[Collection entries]

-=-=-=-=-

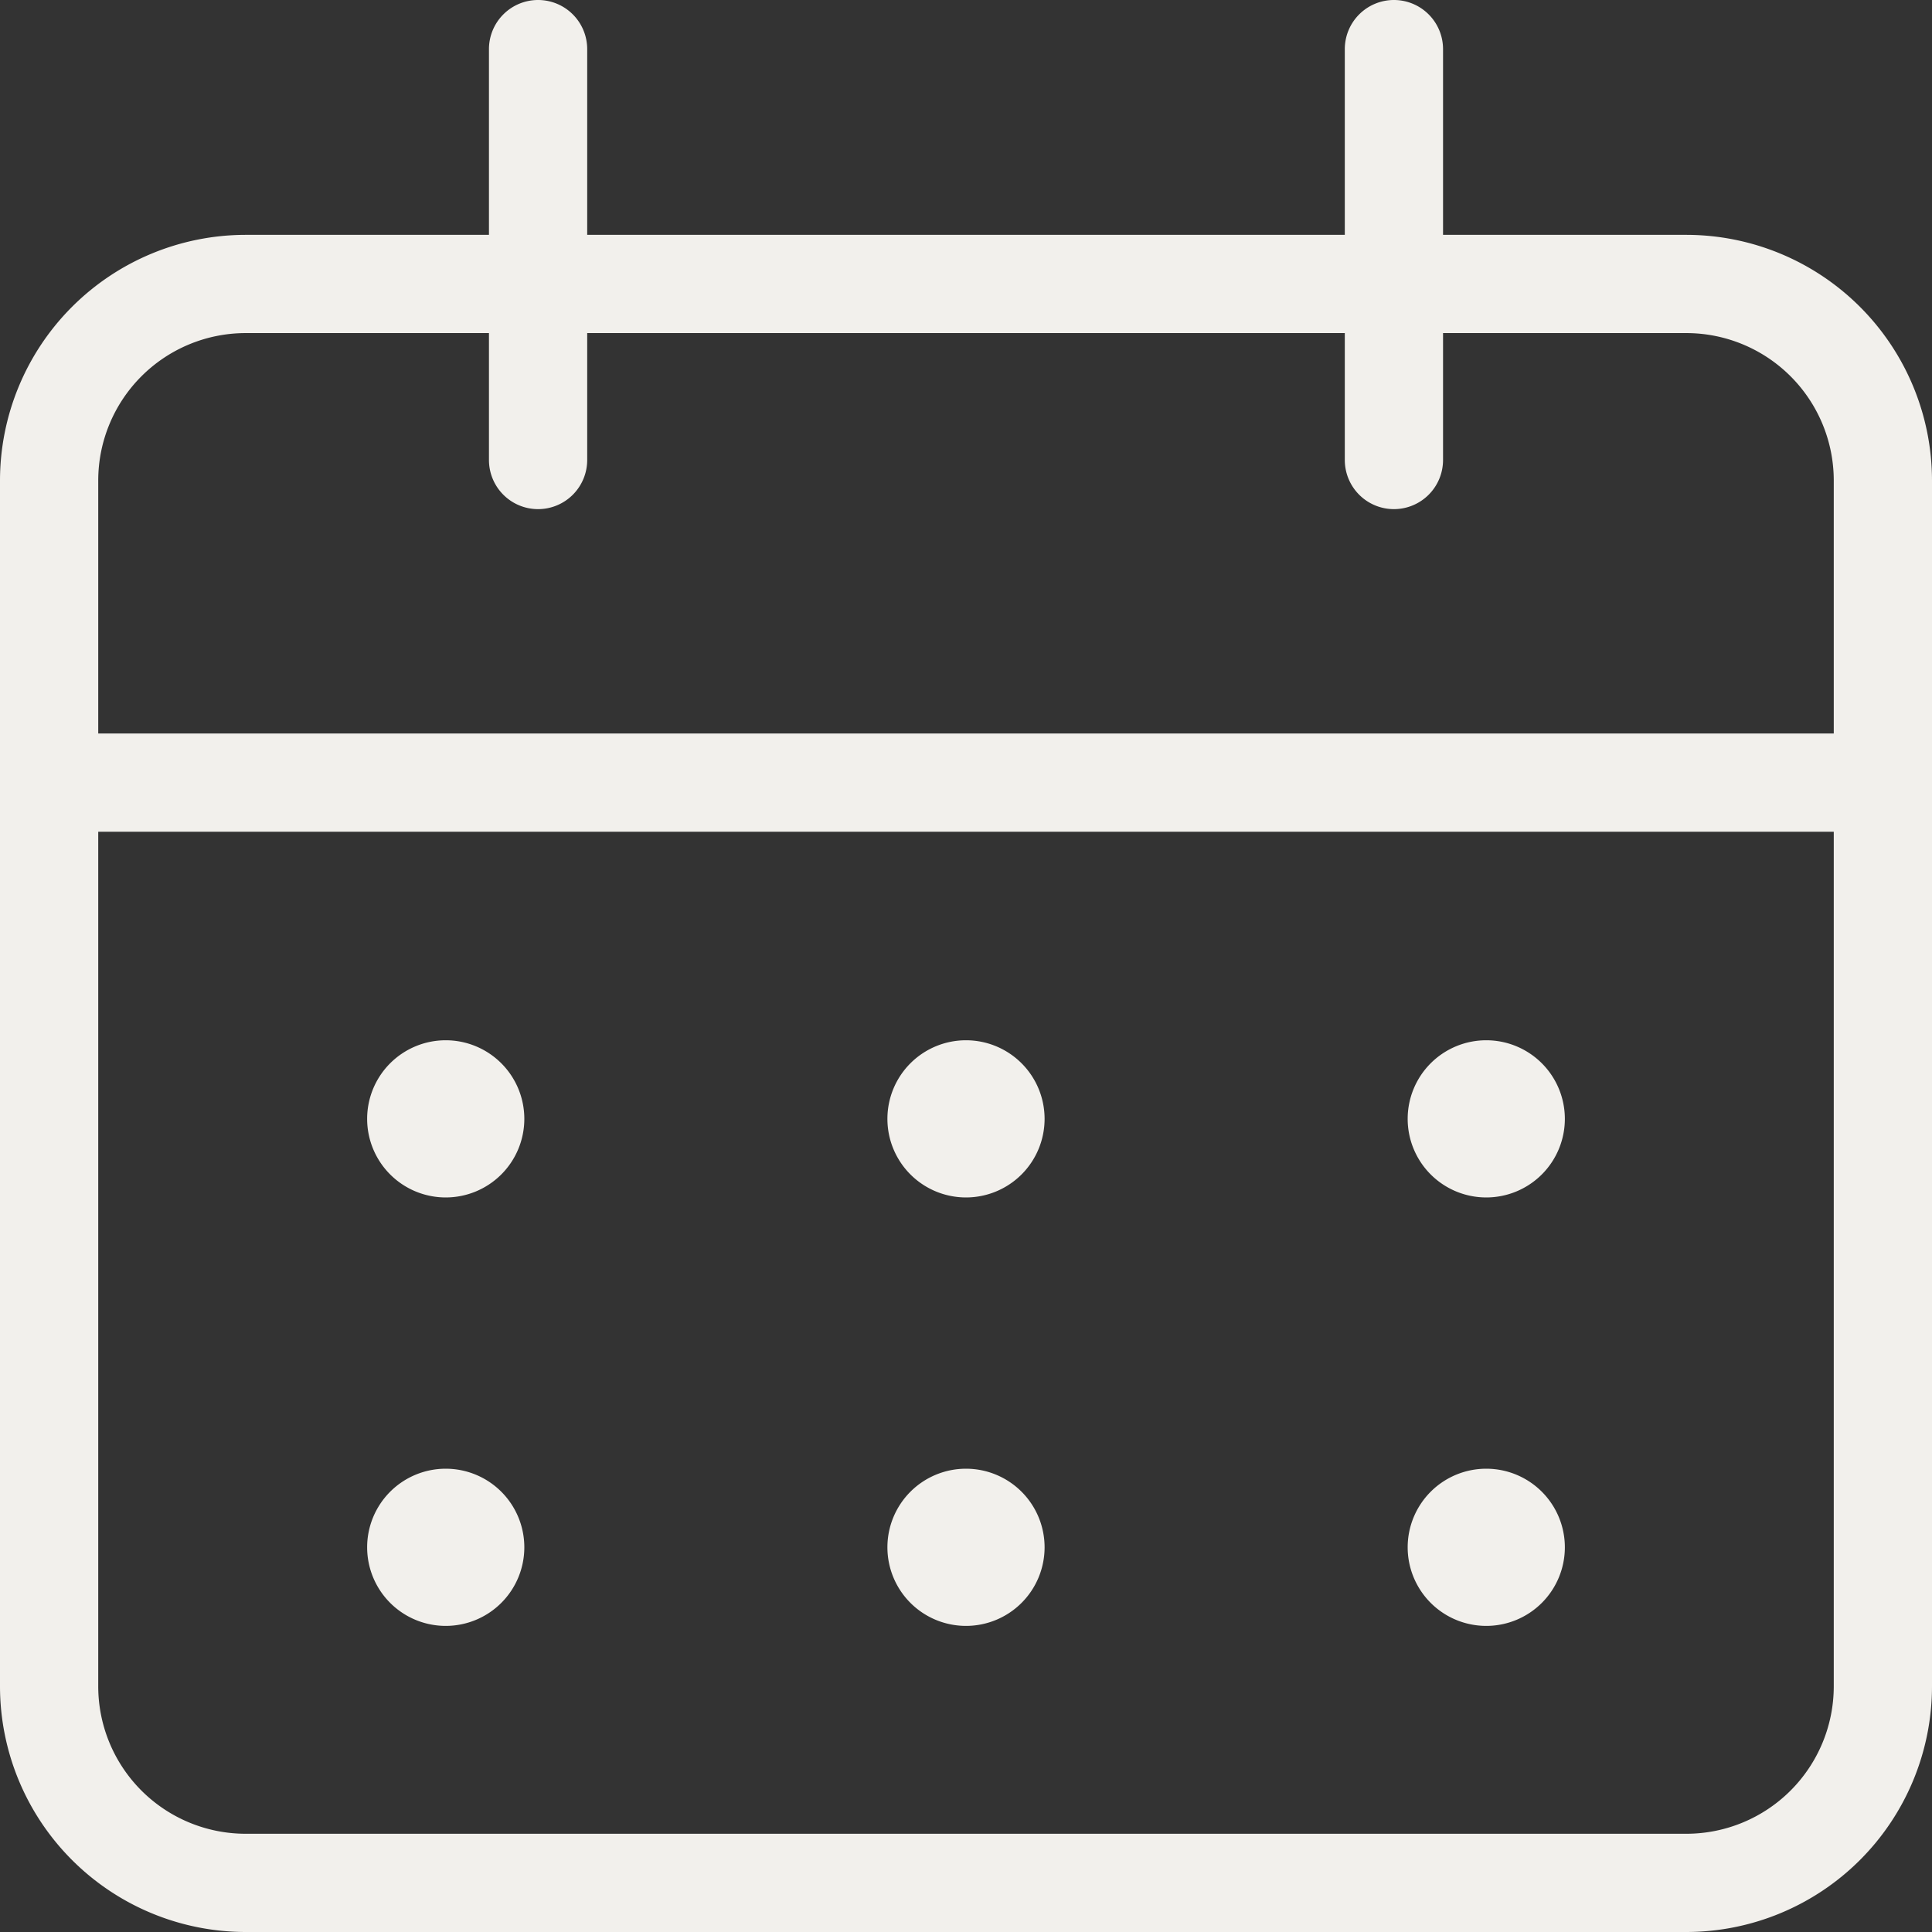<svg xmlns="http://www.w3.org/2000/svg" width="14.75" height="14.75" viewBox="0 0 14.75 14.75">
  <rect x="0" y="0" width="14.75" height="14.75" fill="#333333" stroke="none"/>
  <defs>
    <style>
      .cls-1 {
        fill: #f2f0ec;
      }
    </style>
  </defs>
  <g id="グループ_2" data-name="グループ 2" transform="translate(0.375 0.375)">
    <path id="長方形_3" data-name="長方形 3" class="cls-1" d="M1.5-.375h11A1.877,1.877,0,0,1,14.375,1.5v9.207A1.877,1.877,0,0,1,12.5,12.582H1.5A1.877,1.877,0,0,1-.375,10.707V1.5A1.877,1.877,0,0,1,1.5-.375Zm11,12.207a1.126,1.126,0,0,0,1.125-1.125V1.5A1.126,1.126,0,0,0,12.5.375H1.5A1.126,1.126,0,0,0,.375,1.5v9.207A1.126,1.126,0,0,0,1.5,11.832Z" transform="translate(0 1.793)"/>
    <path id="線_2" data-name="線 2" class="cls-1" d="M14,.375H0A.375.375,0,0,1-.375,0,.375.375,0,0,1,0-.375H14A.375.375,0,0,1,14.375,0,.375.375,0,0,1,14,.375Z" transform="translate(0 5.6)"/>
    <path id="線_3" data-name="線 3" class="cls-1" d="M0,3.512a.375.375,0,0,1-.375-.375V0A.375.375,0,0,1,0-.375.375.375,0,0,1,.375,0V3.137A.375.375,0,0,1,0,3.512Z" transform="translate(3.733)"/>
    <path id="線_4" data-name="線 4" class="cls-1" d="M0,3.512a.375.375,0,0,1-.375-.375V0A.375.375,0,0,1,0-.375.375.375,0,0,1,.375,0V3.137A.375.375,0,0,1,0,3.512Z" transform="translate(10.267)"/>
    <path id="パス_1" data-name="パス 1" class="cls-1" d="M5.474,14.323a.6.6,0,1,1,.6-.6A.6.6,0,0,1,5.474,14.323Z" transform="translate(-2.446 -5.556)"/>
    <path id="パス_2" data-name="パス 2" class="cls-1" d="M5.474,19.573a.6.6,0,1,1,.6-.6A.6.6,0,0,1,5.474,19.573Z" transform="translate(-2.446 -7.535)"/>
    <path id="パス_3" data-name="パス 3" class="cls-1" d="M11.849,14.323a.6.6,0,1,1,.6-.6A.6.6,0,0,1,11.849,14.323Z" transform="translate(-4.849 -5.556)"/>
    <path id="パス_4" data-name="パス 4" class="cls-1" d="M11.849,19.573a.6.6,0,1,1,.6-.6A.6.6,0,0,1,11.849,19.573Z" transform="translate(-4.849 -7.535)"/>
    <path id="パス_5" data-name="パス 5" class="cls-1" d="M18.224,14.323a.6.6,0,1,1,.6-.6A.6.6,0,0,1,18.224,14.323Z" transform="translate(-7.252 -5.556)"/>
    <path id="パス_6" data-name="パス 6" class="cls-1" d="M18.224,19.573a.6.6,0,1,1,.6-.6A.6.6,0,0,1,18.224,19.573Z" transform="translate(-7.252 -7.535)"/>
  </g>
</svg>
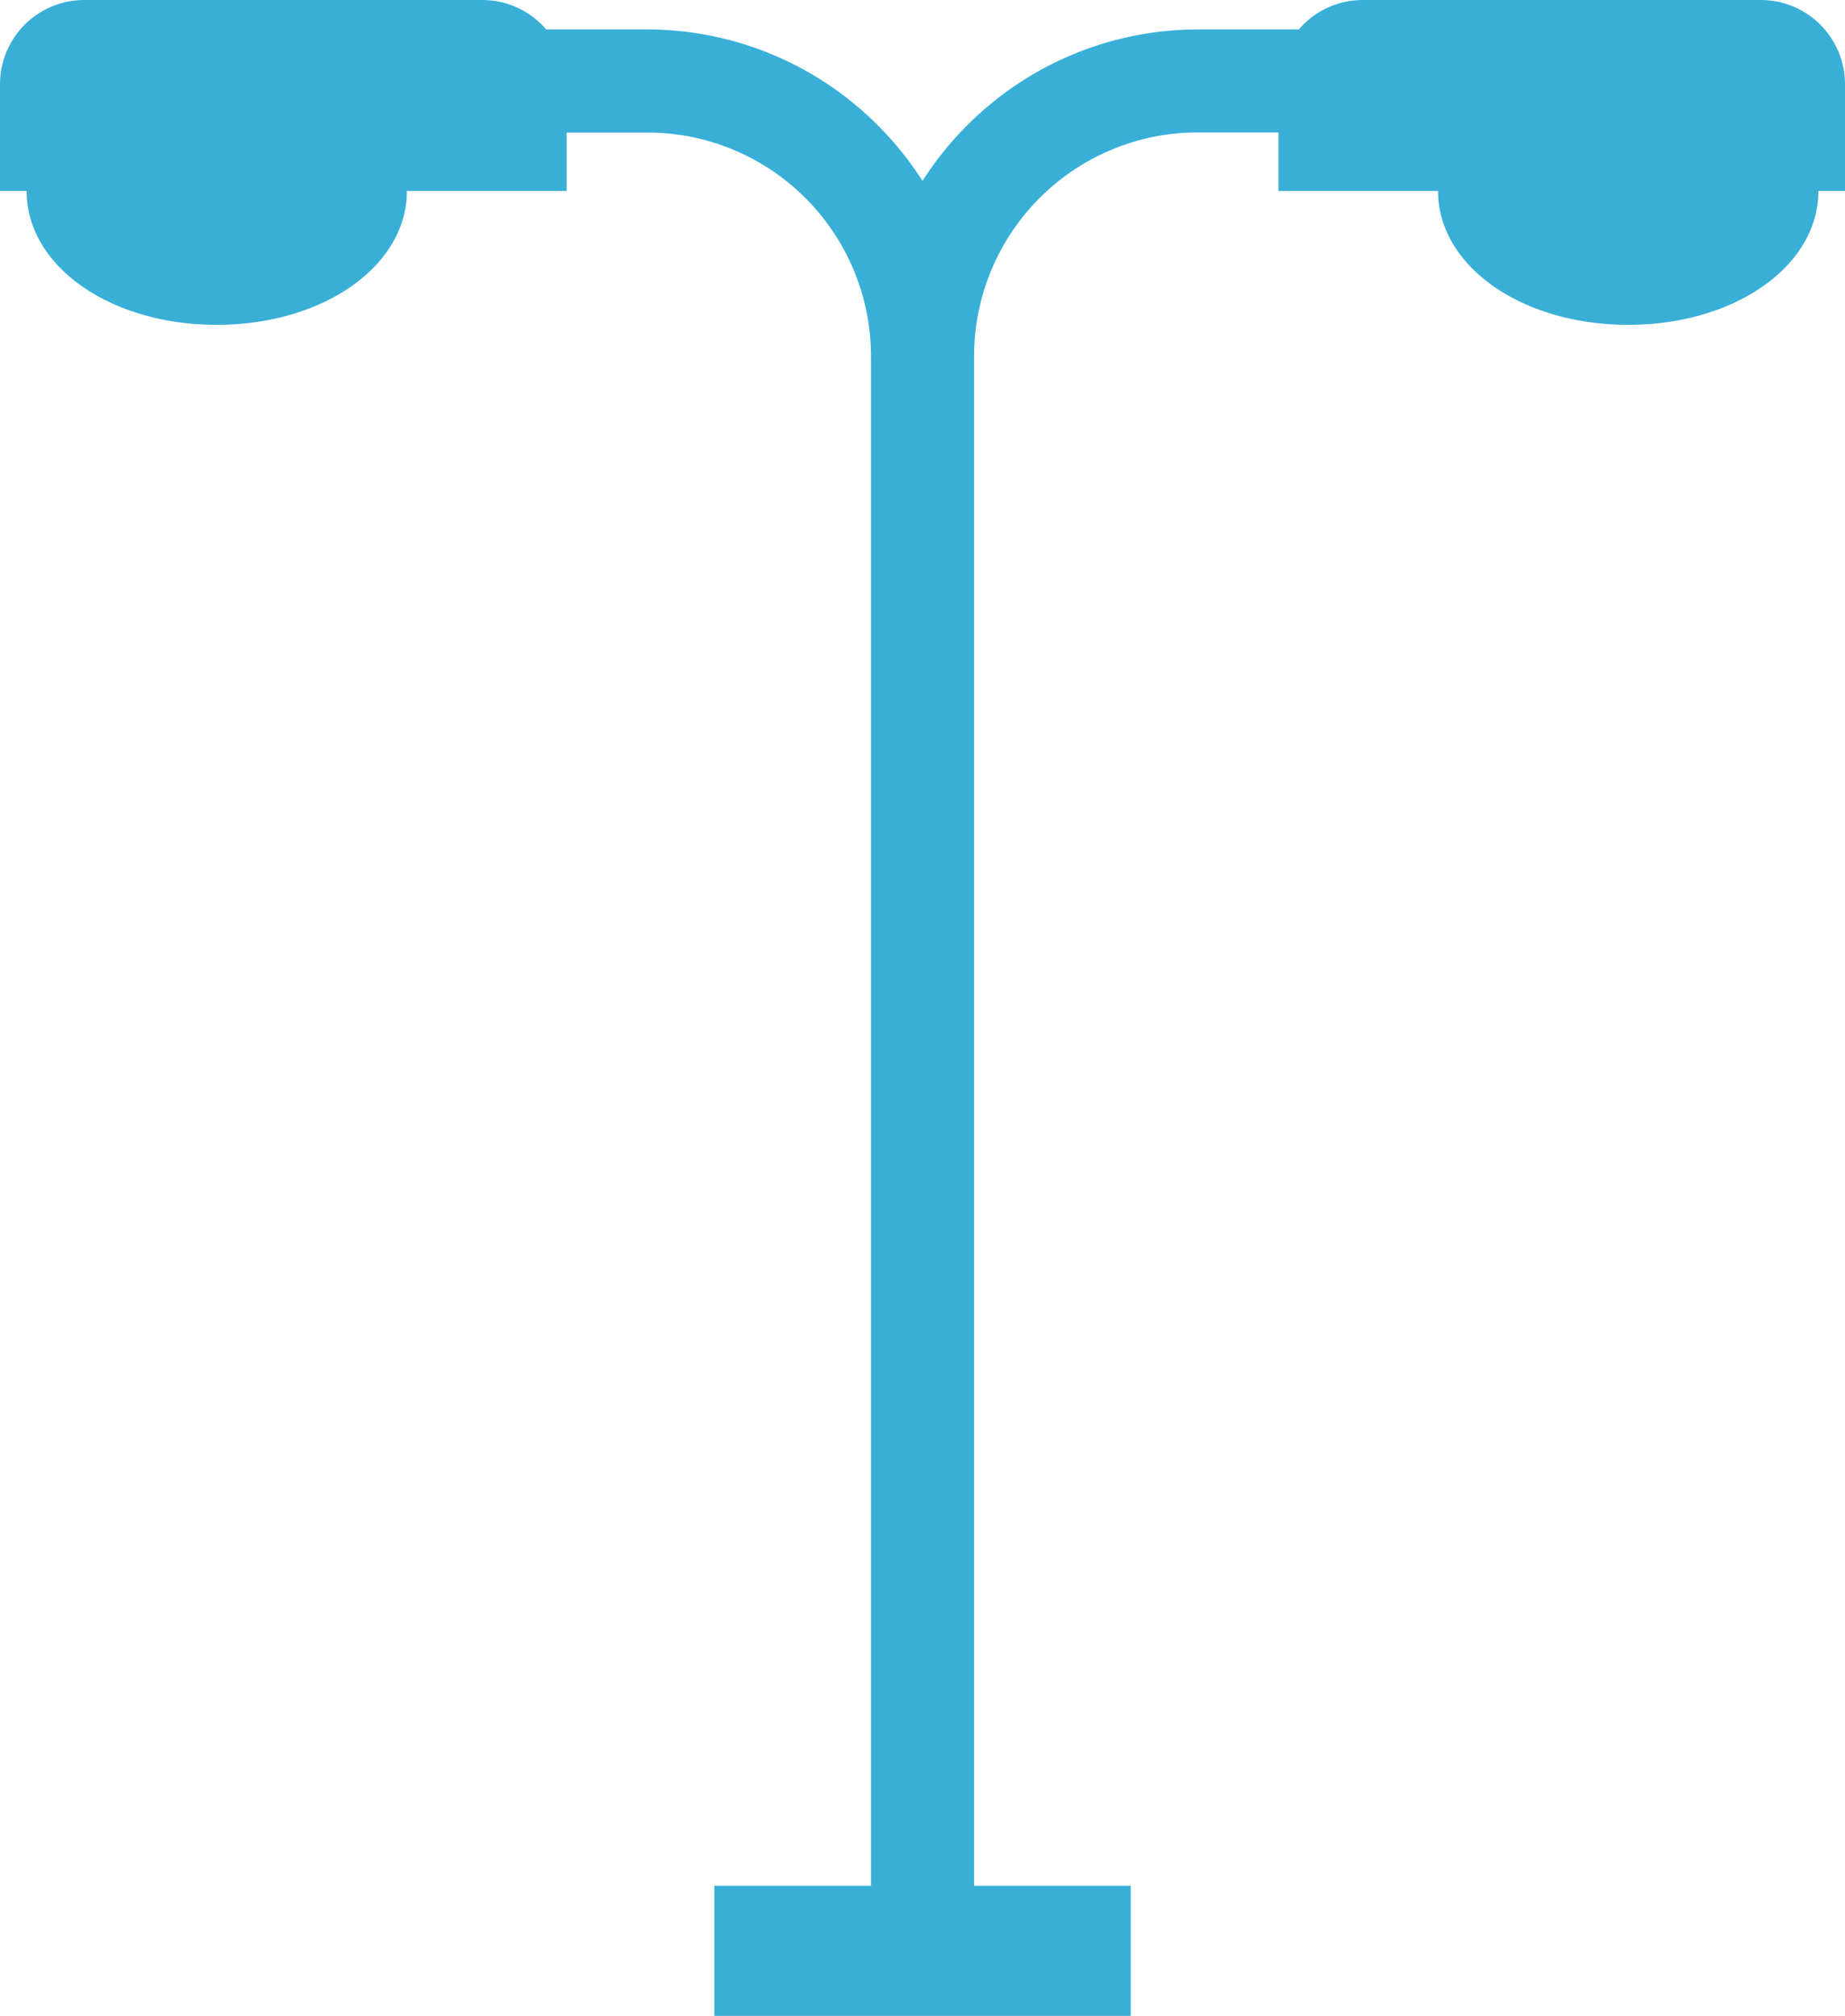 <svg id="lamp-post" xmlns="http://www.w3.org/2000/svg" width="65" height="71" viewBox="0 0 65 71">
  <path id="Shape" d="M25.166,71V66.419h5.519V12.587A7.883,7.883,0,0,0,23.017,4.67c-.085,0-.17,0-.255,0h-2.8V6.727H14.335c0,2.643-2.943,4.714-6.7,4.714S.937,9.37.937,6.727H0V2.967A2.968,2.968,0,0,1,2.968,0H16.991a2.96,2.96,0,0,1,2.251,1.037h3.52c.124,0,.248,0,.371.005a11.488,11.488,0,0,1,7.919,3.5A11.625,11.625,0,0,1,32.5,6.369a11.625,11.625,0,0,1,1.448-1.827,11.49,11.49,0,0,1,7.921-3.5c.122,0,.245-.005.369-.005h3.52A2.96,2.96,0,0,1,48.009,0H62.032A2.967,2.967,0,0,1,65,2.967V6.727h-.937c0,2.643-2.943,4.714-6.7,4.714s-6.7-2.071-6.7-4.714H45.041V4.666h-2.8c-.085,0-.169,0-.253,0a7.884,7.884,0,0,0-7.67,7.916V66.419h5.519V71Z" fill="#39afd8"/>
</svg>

-=-=-=-=-

Assigned task. Return the preceding entries exactly, each word as given, but leave out any picture.

Exercise response.
<svg xmlns="http://www.w3.org/2000/svg" width="14.75" height="14.75" viewBox="0 0 14.75 14.75">
  <rect x="0" y="0" width="14.75" height="14.75" fill="#333333" stroke="none"/>
  <defs>
    <style>
      .cls-1 {
        fill: #f2f0ec;
      }
    </style>
  </defs>
  <g id="グループ_2" data-name="グループ 2" transform="translate(0.375 0.375)">
    <path id="長方形_3" data-name="長方形 3" class="cls-1" d="M1.5-.375h11A1.877,1.877,0,0,1,14.375,1.5v9.207A1.877,1.877,0,0,1,12.5,12.582H1.5A1.877,1.877,0,0,1-.375,10.707V1.5A1.877,1.877,0,0,1,1.5-.375Zm11,12.207a1.126,1.126,0,0,0,1.125-1.125V1.5A1.126,1.126,0,0,0,12.5.375H1.5A1.126,1.126,0,0,0,.375,1.5v9.207A1.126,1.126,0,0,0,1.5,11.832Z" transform="translate(0 1.793)"/>
    <path id="線_2" data-name="線 2" class="cls-1" d="M14,.375H0A.375.375,0,0,1-.375,0,.375.375,0,0,1,0-.375H14A.375.375,0,0,1,14.375,0,.375.375,0,0,1,14,.375Z" transform="translate(0 5.6)"/>
    <path id="線_3" data-name="線 3" class="cls-1" d="M0,3.512a.375.375,0,0,1-.375-.375V0A.375.375,0,0,1,0-.375.375.375,0,0,1,.375,0V3.137A.375.375,0,0,1,0,3.512Z" transform="translate(3.733)"/>
    <path id="線_4" data-name="線 4" class="cls-1" d="M0,3.512a.375.375,0,0,1-.375-.375V0A.375.375,0,0,1,0-.375.375.375,0,0,1,.375,0V3.137A.375.375,0,0,1,0,3.512Z" transform="translate(10.267)"/>
    <path id="パス_1" data-name="パス 1" class="cls-1" d="M5.474,14.323a.6.6,0,1,1,.6-.6A.6.6,0,0,1,5.474,14.323Z" transform="translate(-2.446 -5.556)"/>
    <path id="パス_2" data-name="パス 2" class="cls-1" d="M5.474,19.573a.6.6,0,1,1,.6-.6A.6.6,0,0,1,5.474,19.573Z" transform="translate(-2.446 -7.535)"/>
    <path id="パス_3" data-name="パス 3" class="cls-1" d="M11.849,14.323a.6.6,0,1,1,.6-.6A.6.6,0,0,1,11.849,14.323Z" transform="translate(-4.849 -5.556)"/>
    <path id="パス_4" data-name="パス 4" class="cls-1" d="M11.849,19.573a.6.6,0,1,1,.6-.6A.6.6,0,0,1,11.849,19.573Z" transform="translate(-4.849 -7.535)"/>
    <path id="パス_5" data-name="パス 5" class="cls-1" d="M18.224,14.323a.6.6,0,1,1,.6-.6A.6.6,0,0,1,18.224,14.323Z" transform="translate(-7.252 -5.556)"/>
    <path id="パス_6" data-name="パス 6" class="cls-1" d="M18.224,19.573a.6.6,0,1,1,.6-.6A.6.6,0,0,1,18.224,19.573Z" transform="translate(-7.252 -7.535)"/>
  </g>
</svg>
 <svg id="lamp-post" xmlns="http://www.w3.org/2000/svg" width="65" height="71" viewBox="0 0 65 71">
  <path id="Shape" d="M25.166,71V66.419h5.519V12.587A7.883,7.883,0,0,0,23.017,4.67c-.085,0-.17,0-.255,0h-2.8V6.727H14.335c0,2.643-2.943,4.714-6.7,4.714S.937,9.37.937,6.727H0V2.967A2.968,2.968,0,0,1,2.968,0H16.991a2.96,2.96,0,0,1,2.251,1.037h3.52c.124,0,.248,0,.371.005a11.488,11.488,0,0,1,7.919,3.5A11.625,11.625,0,0,1,32.5,6.369a11.625,11.625,0,0,1,1.448-1.827,11.49,11.49,0,0,1,7.921-3.5c.122,0,.245-.005.369-.005h3.52A2.96,2.96,0,0,1,48.009,0H62.032A2.967,2.967,0,0,1,65,2.967V6.727h-.937c0,2.643-2.943,4.714-6.7,4.714s-6.7-2.071-6.7-4.714H45.041V4.666h-2.8c-.085,0-.169,0-.253,0a7.884,7.884,0,0,0-7.67,7.916V66.419h5.519V71Z" fill="#39afd8"/>
</svg>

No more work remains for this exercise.